Wednesday, September 02, 2009

Eyes without a face

Waric awaits. I had lab work done last week, and everything looks good, liver numbers are almost normal, barely anemic, immune system is fine. When I mentioned that I was losing strength in spite of working out, the doc told me that I was suffering from 'prednisone wasting', where over a long term of prednisone the long muscles, especially quadriceps, start weakening. Time to get off prednisone, in other words, so we are weaned back to 40mg every other day.

The mucositis in my mouth is better, but my eyes are getting worse. I went to see the eye doctor, and he showed that I am building scar tissue in the inside of my eyelids. The eyeball does not like that, it likes a nice smooth surface, and if left unchecked I could rub a hole in my cornea. That would be bad, and they would sew my eyelids shut for a few weeks to heal it. Hmmmm. So the path is to lubricate the eyes many times a day, and use restasis drops, and go back in a month. The eye doc also said stay out of the ocean, the salt water is just adding to your trouble. Just as well, my balance is so shot I can barely stay upright on dry land, forget about on a surfboard.

I am going back to RI on 9/14-9/22, to see my mom for her birthday, so all you crazy Waricians get ready. I have been taking my time writing this post and now it is Friday. I should have gotten this done as I was home without a car most of this week, and it has been 90+ out, just bearable in the house.

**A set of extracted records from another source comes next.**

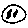
Label: moon
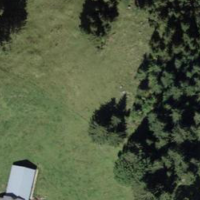
EUNIS habitat code: 25
Species observed at this site:
Campanula barbata
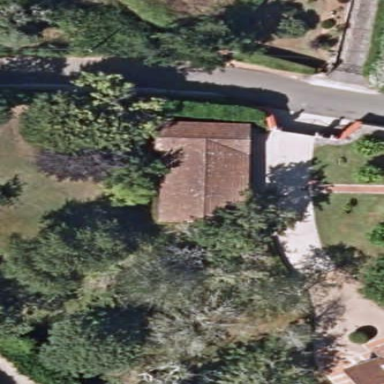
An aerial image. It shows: Carport structure.
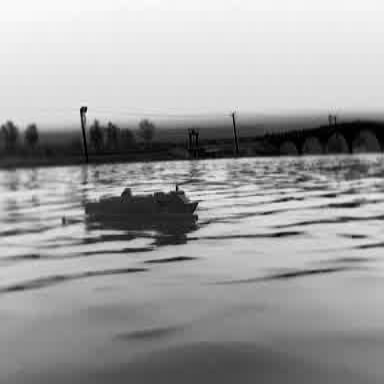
There is a container_ship in the infrared image.
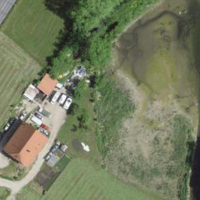
EUNIS habitat code: 14
Species observed at this site:
Filipendula ulmaria
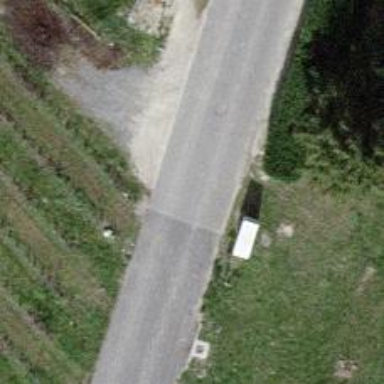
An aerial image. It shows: Tertiary road with asphalt surface.
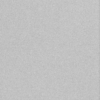
Label: dusty
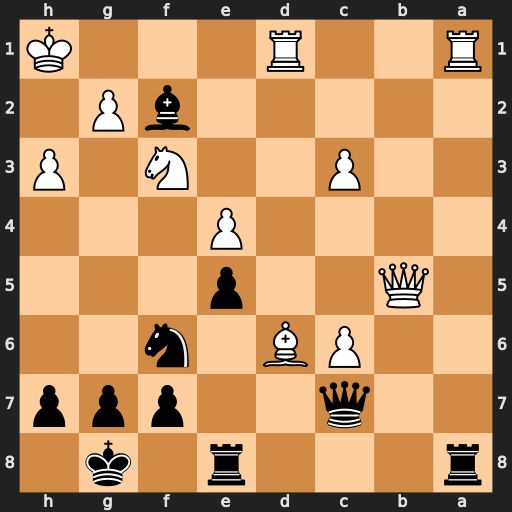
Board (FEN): r3r1k1/2q2ppp/2PB1n2/1Q2p3/4P3/2P2N1P/5bP1/R2R3K
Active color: b
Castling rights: -
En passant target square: -
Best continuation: Qxd6 Rxd6 Rxa1+ Kh2 Nxe4
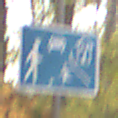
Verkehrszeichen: BeginnVerkehrsberuhigterBereich
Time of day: MorningAfternoon
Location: Outdoor (Nature)
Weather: Overcast
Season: Autumn
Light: Natural
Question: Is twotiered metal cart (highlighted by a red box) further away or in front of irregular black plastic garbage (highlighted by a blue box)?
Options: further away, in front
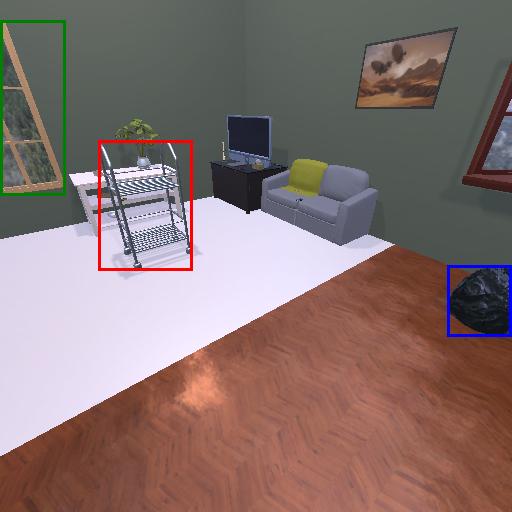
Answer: further away
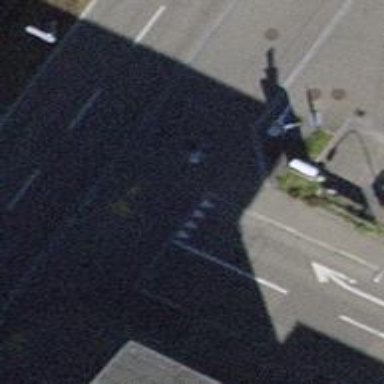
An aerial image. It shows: Asphalt path that serves as sidewalk.
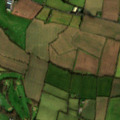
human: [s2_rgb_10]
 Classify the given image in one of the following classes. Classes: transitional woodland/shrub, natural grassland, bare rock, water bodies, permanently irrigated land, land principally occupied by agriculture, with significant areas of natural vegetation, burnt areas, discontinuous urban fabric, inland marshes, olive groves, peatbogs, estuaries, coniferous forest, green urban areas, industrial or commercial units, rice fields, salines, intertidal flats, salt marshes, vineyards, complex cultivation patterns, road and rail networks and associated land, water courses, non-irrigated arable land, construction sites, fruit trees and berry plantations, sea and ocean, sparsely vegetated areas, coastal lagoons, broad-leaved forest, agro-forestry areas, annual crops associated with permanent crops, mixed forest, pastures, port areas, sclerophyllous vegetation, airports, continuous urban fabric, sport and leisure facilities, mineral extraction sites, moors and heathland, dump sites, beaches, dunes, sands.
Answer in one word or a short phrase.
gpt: sport and leisure facilities, non-irrigated arable land, pastures, complex cultivation patterns
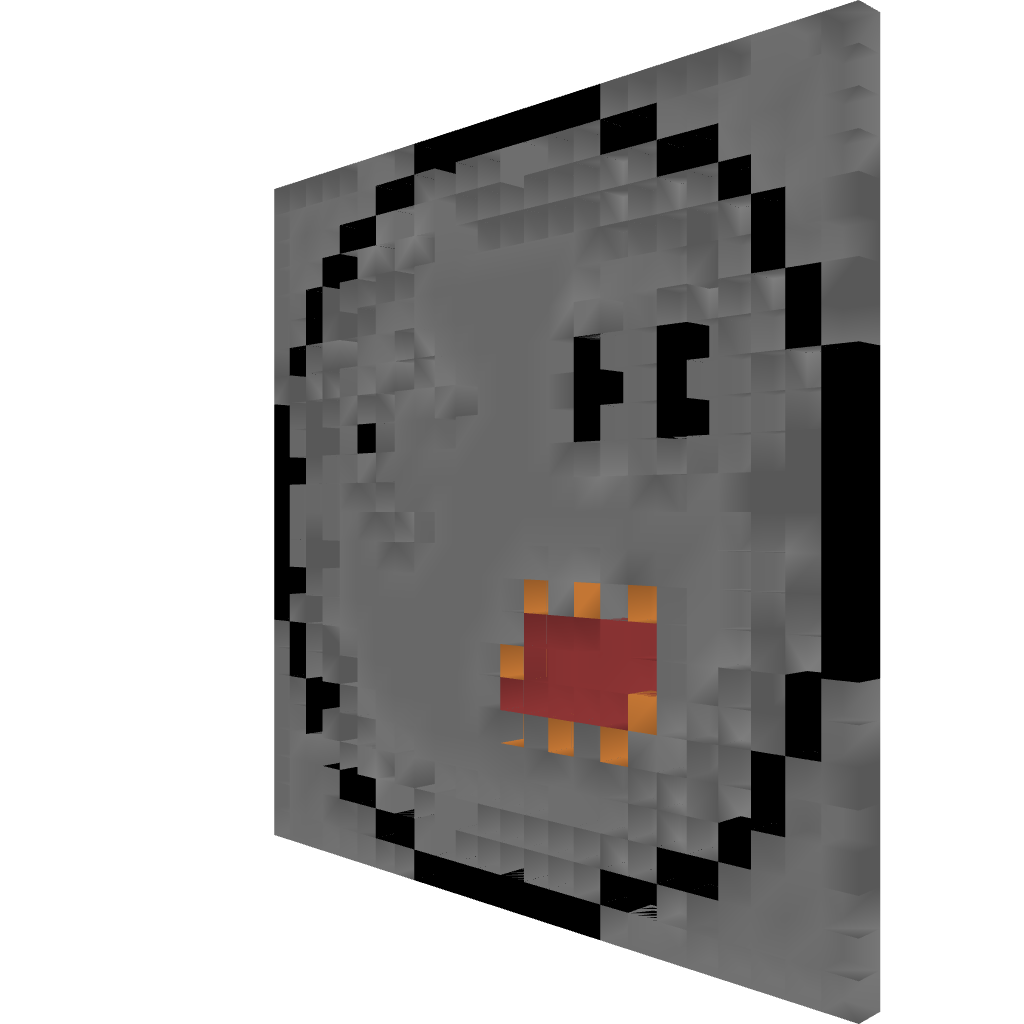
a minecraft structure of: Boo (Ghost) good quality
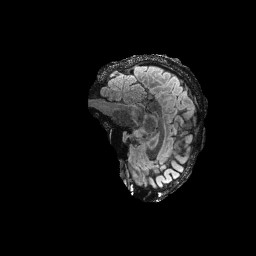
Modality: FLAIR
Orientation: sagittal
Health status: ill
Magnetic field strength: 3 T
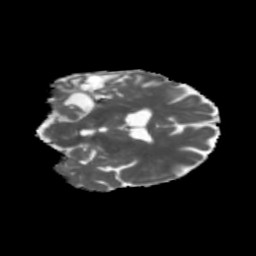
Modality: MD
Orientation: coronal
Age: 58
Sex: female
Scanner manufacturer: siemens
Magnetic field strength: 3 T
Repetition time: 5.47 s
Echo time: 0.0854 s
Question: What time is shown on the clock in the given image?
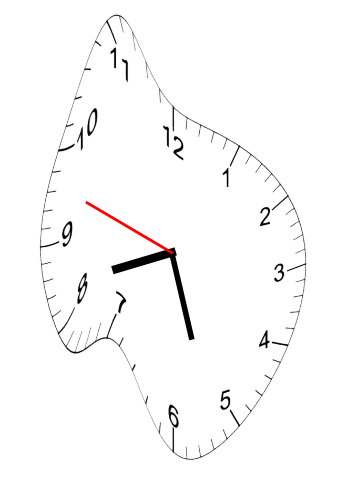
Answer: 08:26:48
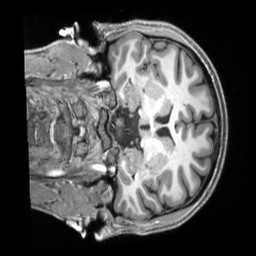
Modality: T1w
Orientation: coronal
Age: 28
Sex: male
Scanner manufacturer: siemens
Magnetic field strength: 3 T
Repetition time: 2.3 s
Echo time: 0.00229 s
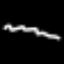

Mike is in full swing at school, very busy, and Sean his carpool mate got sick, so I go without a car more than my share, that's the deal. Mike came home feeling very sick on Monday, flulike without a cough, but then mustered by Wednesday.

Dana is back at work full-time, which means at least nine-hour days plus some weekend hours. And it means I have to start thinking about making dinner again, which is just not my normal way of thinking. I was getting there in spring but floundered in summer. What is frozen that I should thaw for tomorrow?

It is now tomorrow, and the chicken is thawed, and it is bad, it has been thawed for days, as it turns out. This morning, Saturday, the TNT half-marathon team did a 6-mile training walk/run. I am trying to get under a 20-minute pace and hit it at 18 minutes/mile this am, so at least that. I did 3-mile walkd 3x this week and a 5 miler on Wednesday, so a 20 mile week. And I feel fine, meaning no worse, although the hip likes to sing me the blues now and then.

This has been a strange period, with Mike taking my car at least every other day. What do I do? I cleaned house, cleaned the garage, did some gardening, the laundry is all done, but I am having a real difficult time getting into the kitchen and caring about cooking. I need to tie it all up into a menu for the week and see how that goes, but Mike and Dana have been coming in from school at odd hours, so I have that excuse.

Maybe I will start doing market research and see if I can make more money with the money I have. I've been hunkered in CDs while this neoconomics finishes playing out. I can't think of a better way to stimulate the economy than by losing all my money in the market and going to work at Carl's Jr. I have started some genealogy research, so we'll see where that goes.